What to work on:
Everything in the records except the pictures must be copied out exactly.

Data to use:
_ _ _ _ _ _ _

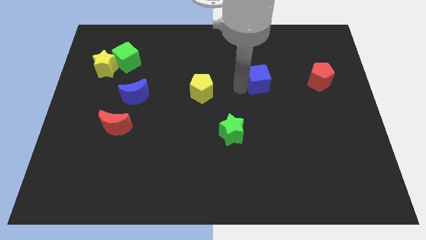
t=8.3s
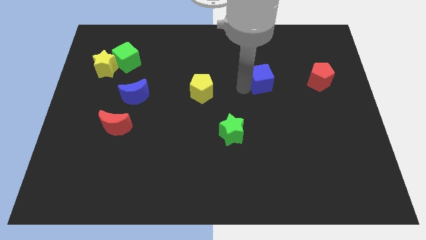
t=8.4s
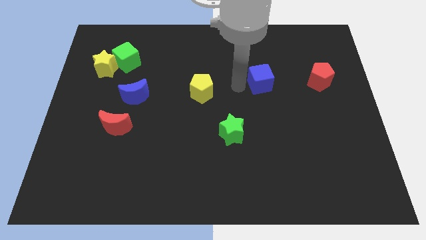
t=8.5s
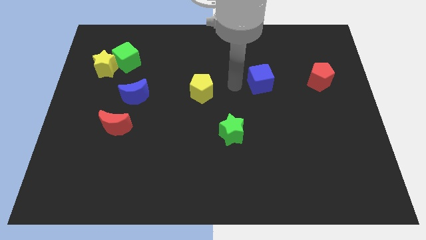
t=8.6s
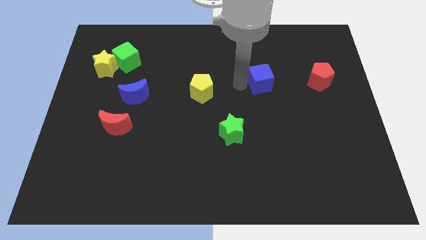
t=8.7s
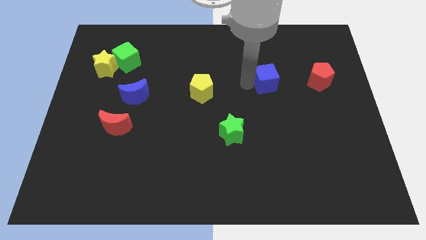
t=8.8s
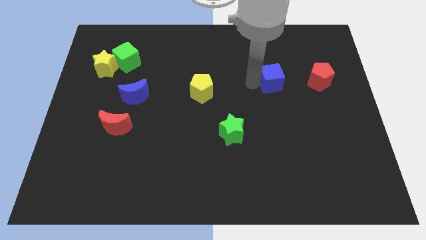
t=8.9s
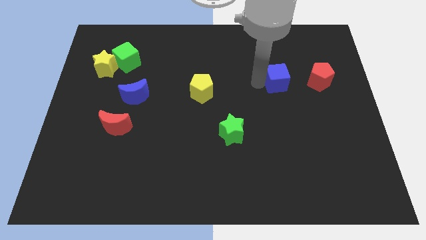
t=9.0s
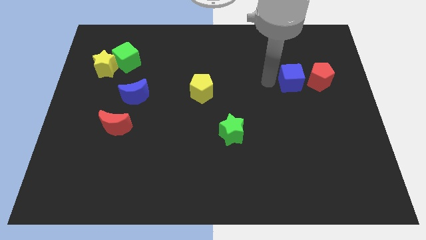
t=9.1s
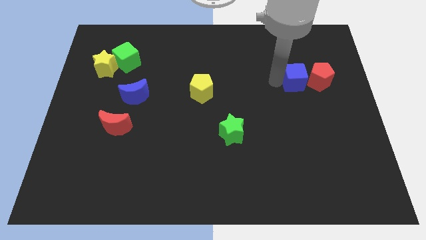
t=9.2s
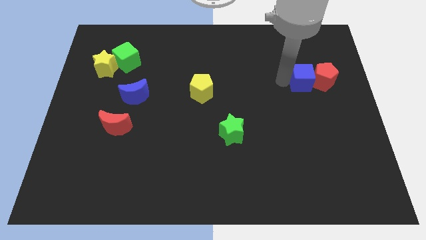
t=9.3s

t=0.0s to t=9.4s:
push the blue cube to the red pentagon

_ _ _ _ _ _ _

Output below:
t=8.3s
t=8.4s
t=8.5s
t=8.6s
t=8.7s
t=8.8s
t=8.9s
t=9.0s
t=9.1s
t=9.2s
t=9.3s

t=0.0s to t=9.4s:
push the blue cube to the red pentagon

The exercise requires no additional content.